Hensley Arrow: How does it REALLY work?

TnAnFLA wrote:
Well Ron, we agree half way on this one. There is clearly no net lateral force applied to the coupler by the struts. However I don't think a rearward force is applied either. You are correct when you state that the struts push aft on the a-frame, but at the same time they are applying an equal forward push on the hitch head. Since the coupler is located on the upper element of the hitch head, mounted between the strut attachment points, the two opposing forces cancel out so there is no net force on the coupler in the longitudinal axis. This allows the coupler to provide two functions only. It acts as a "ball joint" in the vertical plane so the A-frame can pivot up and down on uneven road surfaces (e.g., when coming to the bottom of a sloped driveway) and it provides a point to transfer force from the TV along the longitudinal axis during acceleration and deceleration.

Andy,

Consider the situation where the HA is attached to the TT, but is not attached to the TV. Also assume the WD bars are not attached to the hitch head. If the struts are pushing forward on the hitch head, there also must be an equal force pushing rearward on the hitch head to achieve equilibrium. This rearward force can come only from the A-frame via the ball coupler and ball.
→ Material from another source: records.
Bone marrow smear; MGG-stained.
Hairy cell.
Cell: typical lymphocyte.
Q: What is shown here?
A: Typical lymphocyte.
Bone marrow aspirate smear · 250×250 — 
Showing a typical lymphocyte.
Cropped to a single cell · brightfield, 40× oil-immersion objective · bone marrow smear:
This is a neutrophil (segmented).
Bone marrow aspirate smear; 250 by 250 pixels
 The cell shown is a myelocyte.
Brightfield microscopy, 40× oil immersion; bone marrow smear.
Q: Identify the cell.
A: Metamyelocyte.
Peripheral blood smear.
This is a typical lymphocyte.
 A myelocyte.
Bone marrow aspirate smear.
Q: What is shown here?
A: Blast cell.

Now assume the TT tires are not chocked and do not offer any rearward rolling resistance. If the struts are pushing rearward on the A-frame, then there must be an equal force pushing forward on the A-frame to achieve equilibrium. This forward force can come only from the hitch head via the ball and ball coupler.

In order to have the struts in compression, in the absence of any external forces on the hitch head or A-frame, you must have the coupler pushing rearward on the ball and the ball pushing forward on the coupler. This will cause the A-frame channels to be in tension.
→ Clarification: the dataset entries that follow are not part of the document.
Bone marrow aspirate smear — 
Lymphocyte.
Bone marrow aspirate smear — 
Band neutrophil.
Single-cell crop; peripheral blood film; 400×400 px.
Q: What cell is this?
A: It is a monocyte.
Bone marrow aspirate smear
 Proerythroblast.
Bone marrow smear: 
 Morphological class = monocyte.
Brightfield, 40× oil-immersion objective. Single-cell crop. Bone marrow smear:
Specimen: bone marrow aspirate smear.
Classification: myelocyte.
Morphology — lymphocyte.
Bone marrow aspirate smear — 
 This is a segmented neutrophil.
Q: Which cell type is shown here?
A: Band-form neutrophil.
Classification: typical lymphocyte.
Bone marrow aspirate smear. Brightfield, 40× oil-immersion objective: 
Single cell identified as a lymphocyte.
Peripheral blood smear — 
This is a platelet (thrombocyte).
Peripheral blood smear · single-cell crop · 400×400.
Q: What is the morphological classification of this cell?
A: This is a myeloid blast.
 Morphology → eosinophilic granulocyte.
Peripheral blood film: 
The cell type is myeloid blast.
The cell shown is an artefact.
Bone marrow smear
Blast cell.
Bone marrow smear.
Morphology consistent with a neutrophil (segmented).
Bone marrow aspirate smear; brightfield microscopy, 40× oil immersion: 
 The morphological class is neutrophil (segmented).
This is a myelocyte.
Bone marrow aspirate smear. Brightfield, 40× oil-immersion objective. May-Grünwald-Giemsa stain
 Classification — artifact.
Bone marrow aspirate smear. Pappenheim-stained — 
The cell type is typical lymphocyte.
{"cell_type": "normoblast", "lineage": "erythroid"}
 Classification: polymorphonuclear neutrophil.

During towing, the wind and tire drag forces will cause tension in the A-frame channels rearward of the strut attachments. Some of this drag force will be reacted by a decrease of compression in the struts and some of it will be reacted by an increase of tension in the A-frame channels between the strut attachment points and the ball coupler. The amount of drag reacted by struts versus A-frame channels will depend on their relative axial stiffness. The increased tension in the A-frame will increase the rearward force on the ball.

The reason I tend to harp on the struts so much is that Hensley states in the installation manual (and I'm paraphrasing) that if the struts are set up incorrectly, you have reduced or no sway control. I think they are an integral part of how this whole system works.

I believe it is critical to have the struts adjusted so that the longitudinal axis of the TT is in line with the longitudinal axis of the TV when towing straight ahead. This means the HA's rear unit must be perpendicular to the TT's axis.

If the rear unit is not perpendicular to the TT's axis, the TT will still track nearly straight ahead; but the rear unit will be rotated and shifted to one side. If the rear unit is rotated by, say 3 degrees, the "straight ahead" virtual pivot point will only be moved forward about 24" instead of around 47". This means the "steering moment" will not be reduced as much as is should be. Perhaps even more critical is the fact that the VPP would be shifted to the side of the TV's centerline. This means that any forward thrust from the TT also would be able to exert a steering effect on the TV.

And I also think the preload they apply to the hitch head/four bar linkage is an important part of that.

Well, I can agree that compression in the struts will preload the ball and coupler. But, I do not see any way for the strut compression to preload the linkage. Again, consider the HA hanging on the end of the A-frame. If there is nothing to push rearward on the linkage, then there cannot be any forward force either. Perhaps we do need more discussion.

Ron